After three spoiled reservations throughout the summer due to thunderstorms, we were finally able to return to Richmond Island with the prospect of wonderful weather. After discovering the island in early June, Richmond still held a place in our hearts as one of our favorite spots in the greater Portland area and we were excited to finally be able to return to show Teton's parents Grey Wolf and Timber the remote beauty of this spectacular destination. Lucky for us, it was the last weekend the Sprague Corporation allows camping permits on the island and we were one of two visiting groups on the entire island.
Generally the travel plan would proceed as follows; launch from the Kettle Cove State Park boat ramp, paddle 1.5 miles SE around the NE corner of the island to Broad Cove and land. From Broad Cove we would then haul our gear .5 mile south (an 8 minute trek) on the Perimeter Trail to Clam Cove (our destination). The difficulty with Richmond Island is that it lies completely exposed out in the wide open Atlantic. With no land breaks or protection from the full force of the ocean the waters, the island can become unexpectedly rough in mild to windy conditions. It is not uncommon to experience 3-5+ ft. waves once underway, which can be quite unnerving and dangerous for novice to semi-novice sea paddlers. If you plan a trip to Richmond make sure your group is prepared for such difficulties and keep an eye on the changing conditions. If you do get caught in undesirable or unexpected rough water you can paddle south-west towards the man-made land break which will offer some minor shelter from wind and waves. This is precisely what we were forced to do after experiencing tremulous swells; adjusting course we made a B-line to Little Cove on the north side of the island (about 1.2 miles from Kettle Cove). From there we stashed our boats in the dune grass above high tide line and began to haul our outfit the now 3/4 mile trek to Clam Cove.
Once our camp was set up, we hiked the 2 mile Perimeter Trail which outlines the entire island. This rolling trail boast magnificent rugged coastline views, forest, open plains, and of course many sandy beaches. Timber scoured the beaches for sea glass and shells while Grey Wolf hunted for abandoned lobster buoys, both of which can be found in plenty on Richmond. The trail also bypasses the beautifully situated caretaker's cabin on the north west side of the island. We also crossed paths with the free-roaming wild ram that reside on Richmond year-round.
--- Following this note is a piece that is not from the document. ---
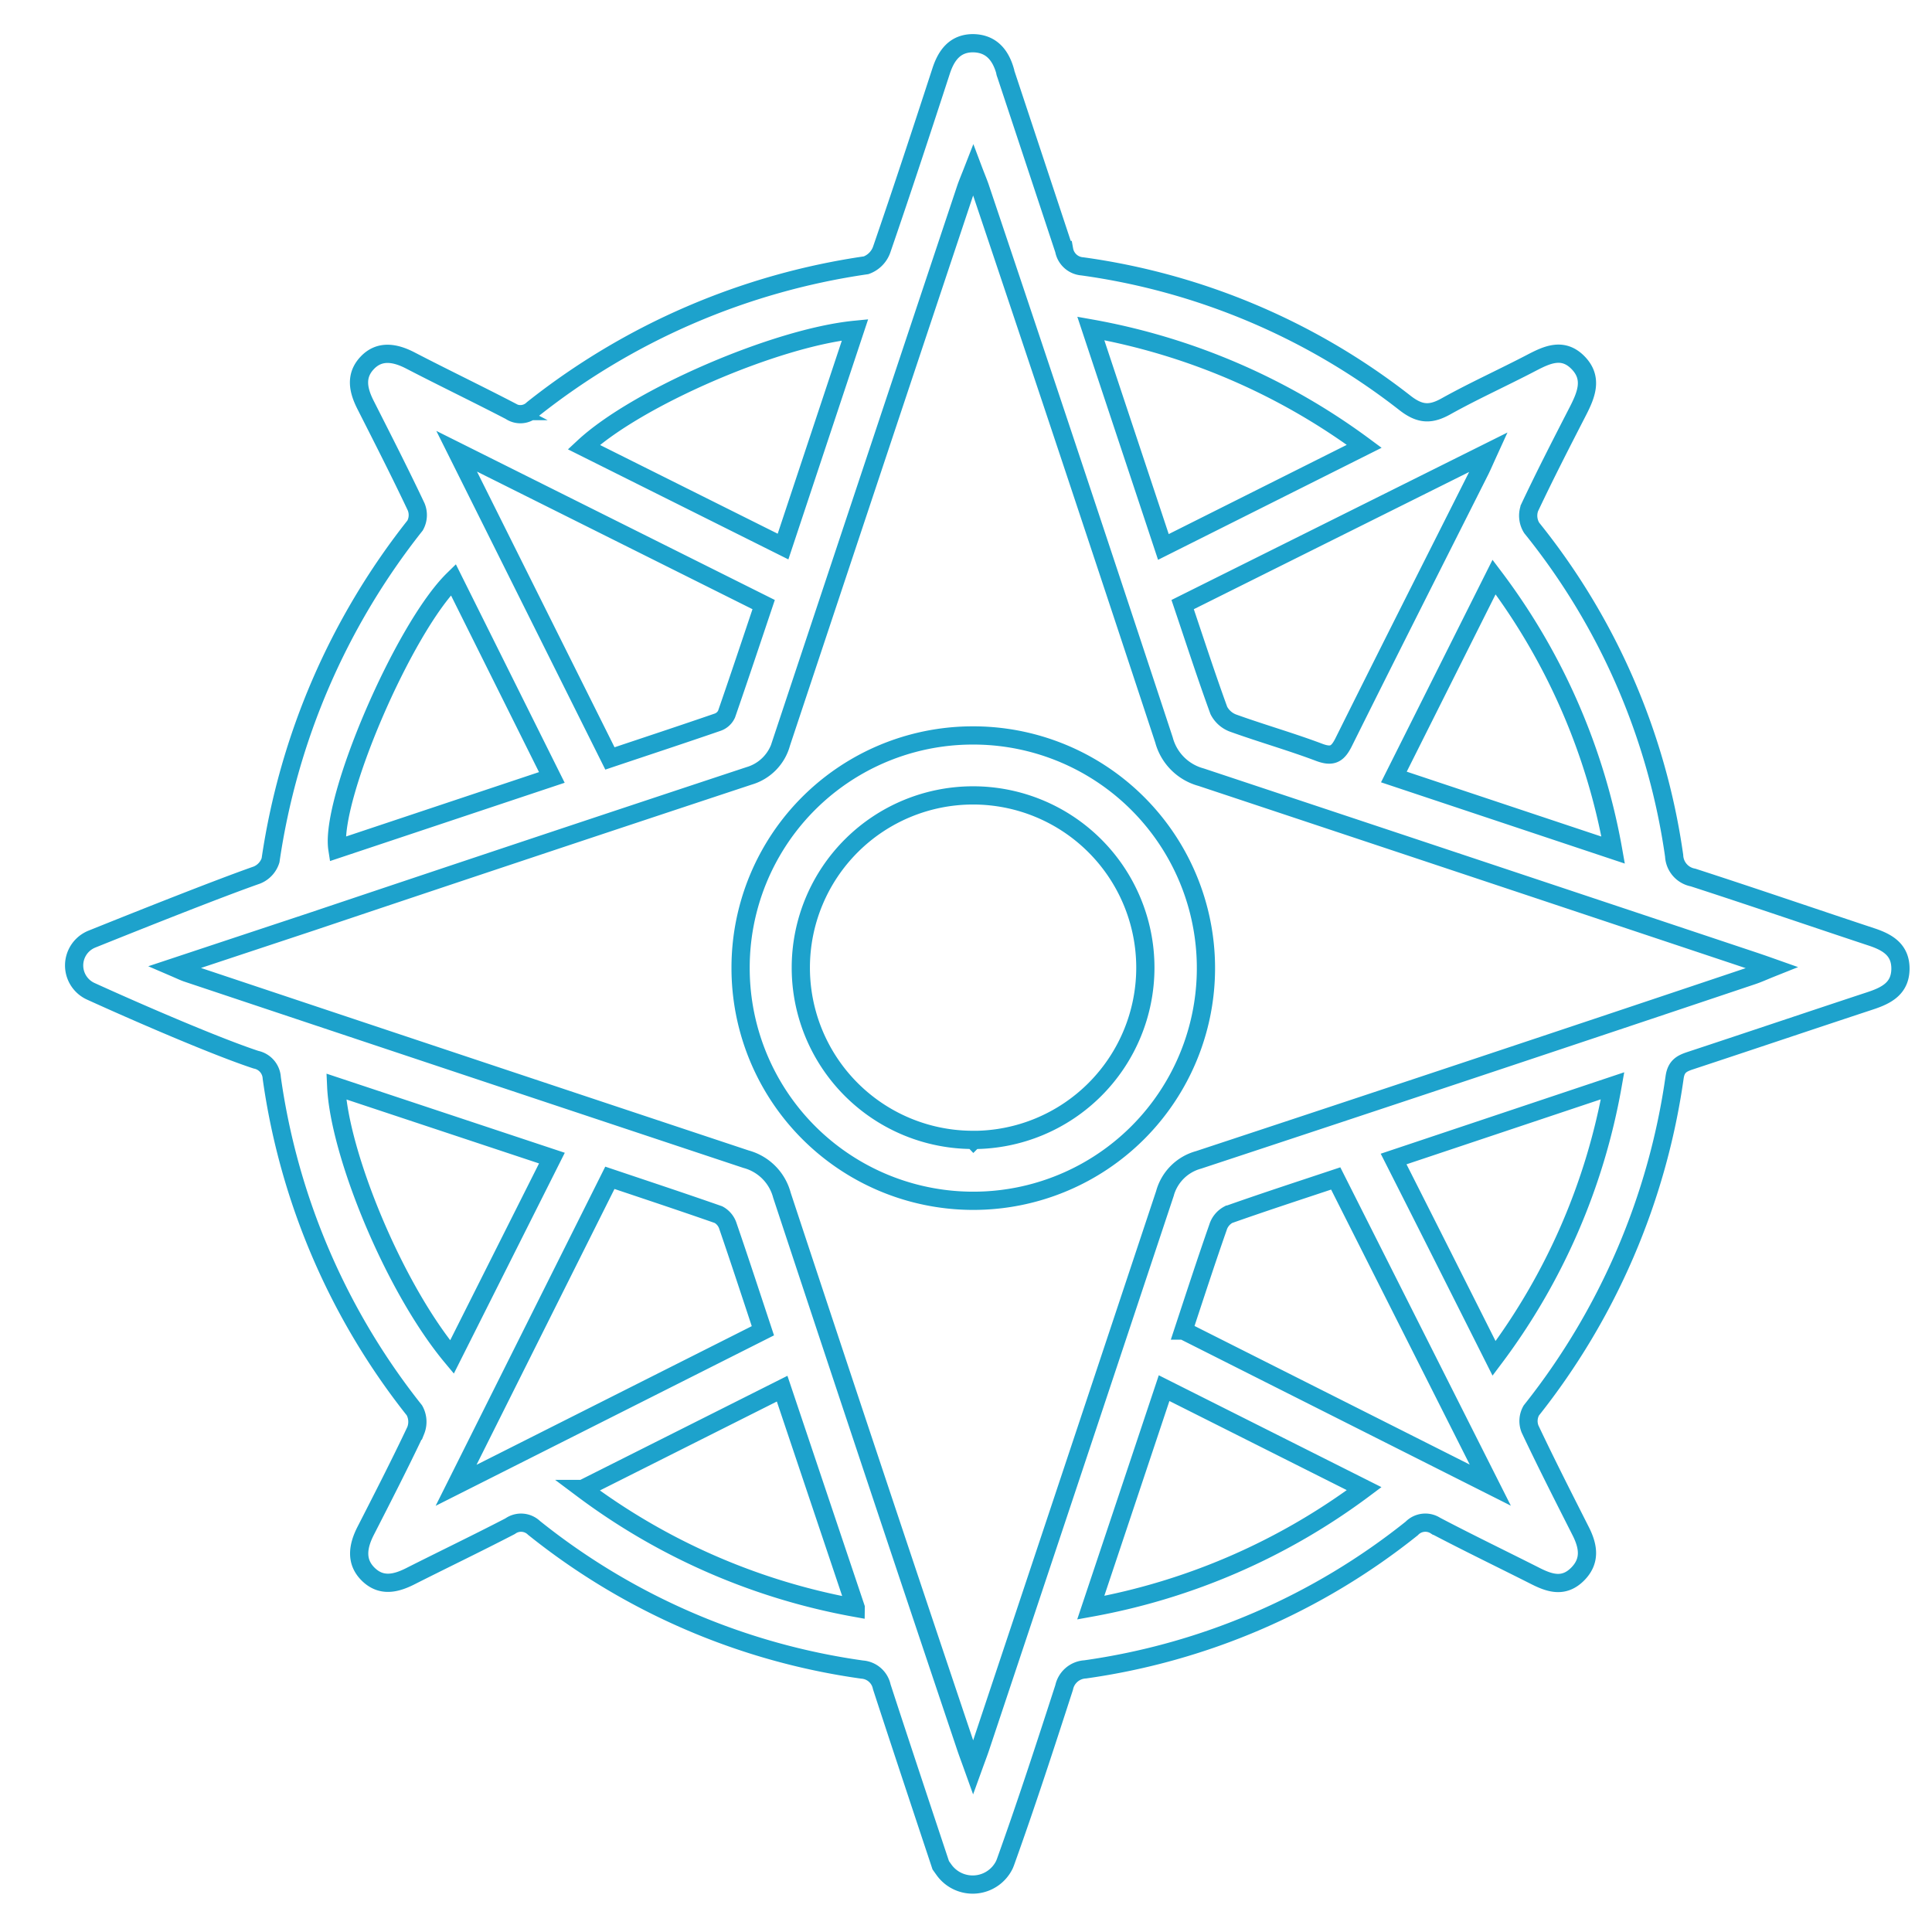 <?xml version="1.0" encoding="UTF-8"?> <svg xmlns="http://www.w3.org/2000/svg" viewBox="0 0 300 300"> <defs> <style> .cls-1 { fill: none; stroke: #1da2cc; stroke-miterlimit: 10; stroke-width: 2.83px; } </style> </defs> <g id="Object"> <g> <path class="cls-1" d="M39.86,135.89a3.65,3.65,0,0,0,2.15-2.3,109.17,109.17,0,0,1,22.45-52,3.34,3.34,0,0,0,.16-2.89c-2.52-5.33-5.2-10.58-7.87-15.85-1.13-2.24-1.63-4.5.28-6.51s4.32-1.59,6.68-.37c5.15,2.67,10.39,5.19,15.53,7.86a2.76,2.76,0,0,0,3.5-.31,108.23,108.23,0,0,1,51.75-22.33,4,4,0,0,0,2.43-2.47c3.17-9.2,6.2-18.44,9.22-27.7.8-2.45,2.15-4.27,4.87-4.31,2.87,0,4.36,1.8,5.08,4.39,0,.18.09.37.15.55,3,9.05,6,18.1,9,27.17a3.1,3.1,0,0,0,2.83,2.54,104.56,104.56,0,0,1,50.11,21.22c2.34,1.82,4,1.84,6.4.49,4.33-2.41,8.86-4.45,13.26-6.75,2.44-1.27,4.87-2.38,7.2,0s1.29,4.94,0,7.47c-2.57,5-5.14,10-7.53,15.07a3.58,3.58,0,0,0,.33,3.11,104.51,104.51,0,0,1,22.12,50.91,3.59,3.59,0,0,0,2.94,3.38c9.26,3,18.46,6.16,27.69,9.22,2.49.82,4.55,2,4.51,5s-2.17,4.09-4.64,4.91c-9.33,3.08-18.64,6.22-28,9.31-1.29.43-2.17.86-2.42,2.54a107.43,107.43,0,0,1-22.26,51.78,3.32,3.32,0,0,0-.19,2.89c2.52,5.33,5.2,10.59,7.86,15.85,1.2,2.37,1.57,4.65-.52,6.71s-4.23,1.4-6.46.28c-5.18-2.62-10.41-5.14-15.55-7.84a2.93,2.93,0,0,0-3.71.43,104.53,104.53,0,0,1-50.7,21.88,3.54,3.54,0,0,0-3.27,2.81c-2.94,9.08-5.89,18.16-9.12,27.14l-.14.35a5.48,5.48,0,0,1-9.43.78l-.47-.66s-6.15-18.46-9.16-27.72a3.35,3.35,0,0,0-3.05-2.67,104.6,104.6,0,0,1-50.95-22,2.9,2.9,0,0,0-3.71-.26c-5.15,2.67-10.38,5.18-15.56,7.8-2.26,1.13-4.5,1.61-6.49-.36s-1.58-4.37-.38-6.72c2.64-5.16,5.29-10.33,7.77-15.57a3.66,3.66,0,0,0-.2-3.14A106.87,106.87,0,0,1,42.2,167.39a3.06,3.06,0,0,0-2.45-2.84c-5.88-1.93-17.47-6.9-25.65-10.62a4.41,4.41,0,0,1,.18-8.11C22.56,142.49,34.26,137.85,39.86,135.89ZM151.12,26.33c-.53,1.36-.88,2.17-1.16,3q-14.34,43-28.65,86.05a7.28,7.28,0,0,1-5,5.1q-34,11.25-67.93,22.64c-7,2.32-13.91,4.61-21.38,7.09,1,.43,1.52.68,2,.85Q72.41,165.56,115.85,180a7.88,7.88,0,0,1,5.57,5.6q14.13,42.79,28.49,85.5c.3.91.64,1.8,1.2,3.36.59-1.63.92-2.48,1.2-3.34q14.31-42.88,28.57-85.77a7.44,7.44,0,0,1,5.22-5.24q43.07-14.22,86-28.63c.9-.3,1.76-.7,3.09-1.23-1.27-.45-2-.7-2.68-.93q-43-14.35-86-28.64a8.17,8.17,0,0,1-5.77-5.79Q166.64,72.1,152.27,29.37C152,28.53,151.64,27.71,151.12,26.33ZM94.7,182.89,70.82,230.64l47.64-24c-1.86-5.61-3.6-10.94-5.42-16.23a3.08,3.08,0,0,0-1.47-1.8C106,186.66,100.47,184.83,94.7,182.89Zm89.06,23.72,47.65,24-24-47.62c-5.71,1.9-11.21,3.69-16.66,5.62a3.37,3.37,0,0,0-1.63,2C187.31,195.77,185.61,201,183.76,206.61ZM118.58,93.88,70.91,70.07l23.8,47.7c5.78-1.94,11.28-3.75,16.76-5.64a2.39,2.39,0,0,0,1.35-1.24C114.77,105.27,116.65,99.62,118.58,93.88Zm65.06,0c1.91,5.66,3.67,11.09,5.62,16.44a4.09,4.09,0,0,0,2.32,2c4.4,1.58,8.91,2.86,13.28,4.51,2.06.77,2.88.24,3.81-1.64,7-14.08,14.1-28.11,21.17-42.16.35-.71.66-1.44,1.29-2.82ZM250.49,132A99.12,99.12,0,0,0,232,89.6l-15.56,31.05Zm-69.73,83.55c-3.83,11.48-7.52,22.52-11.39,34.09a100.86,100.86,0,0,0,42.46-18.48Zm-47.89,34.08-11.42-34-31,15.58A100.34,100.34,0,0,0,132.87,249.67ZM70.18,210.72,85.7,179.83,52.21,168.71C52.68,179,61.07,199.8,70.18,210.72ZM70.39,90c-7.73,7.57-19.17,34.24-18,41.83l33.3-11.11ZM232,210.93a99.23,99.23,0,0,0,18.4-42.33l-34,11.37C221.61,190.26,226.69,200.36,232,210.93ZM211.84,69.3A101.14,101.14,0,0,0,169.38,51c3.83,11.54,7.52,22.62,11.27,33.93ZM132.77,51.21c-12.34,1.21-33.91,10.57-42.12,18.21l30.94,15.45Z"></path> <path class="cls-1" d="M151,114.2A36.13,36.13,0,1,1,115,150.42,36.05,36.05,0,0,1,151,114.2Zm.16,62.81a26.75,26.75,0,1,0-26.81-26.81A26.73,26.73,0,0,0,151.15,177Z"></path> </g> </g> </svg>

Richmond Island is definitely a get-away-from-it-all destination. With only three camp sites on the entire island, all nearly a mile or more apart, it is easy to feel like you have the place to yourself. Clam Cove, the most desired of the sites features its own private beach, a wide and expansive view of the open Atlantic ocean, and a beautiful and varying landscape backdrop. You will be hard pressed to find a location as close as Richmond that can evoke the same sense of remoteness and isolation. Bring your favorite beverages, plenty of snacks, and an array of camp fire fixings, kick up your feet and let the relaxation begin.
The following morning at high tide, Teton and Grey Wolf headed to the SE side of Clam Cove to a little jetty called Adam's Head where the ocean meets a jagged, rocky, and steep shoreline. Here the waves come to life and aggressively pound the little outlet. We brought two saltwater fishing outfits with us to the island and it was here that we would put them to the test. We casted out our chunk mackerel to see if we could land anything, unfortunately all we caught were laps full of water.
The rest of the day we spent soaking up the last of the late summer sun, collecting sea glass, and finding washed up ocean oddities as seen below.
When it came time to leave we packed up and cleaned up the camp site, leaving it better than when we found it. All loaded up, we began the 3/4 mile trek back to Little Cove on the north side. Sad to leave the island paradise, we loaded up the boats and made the 1.2 mile paddle back to the mainland.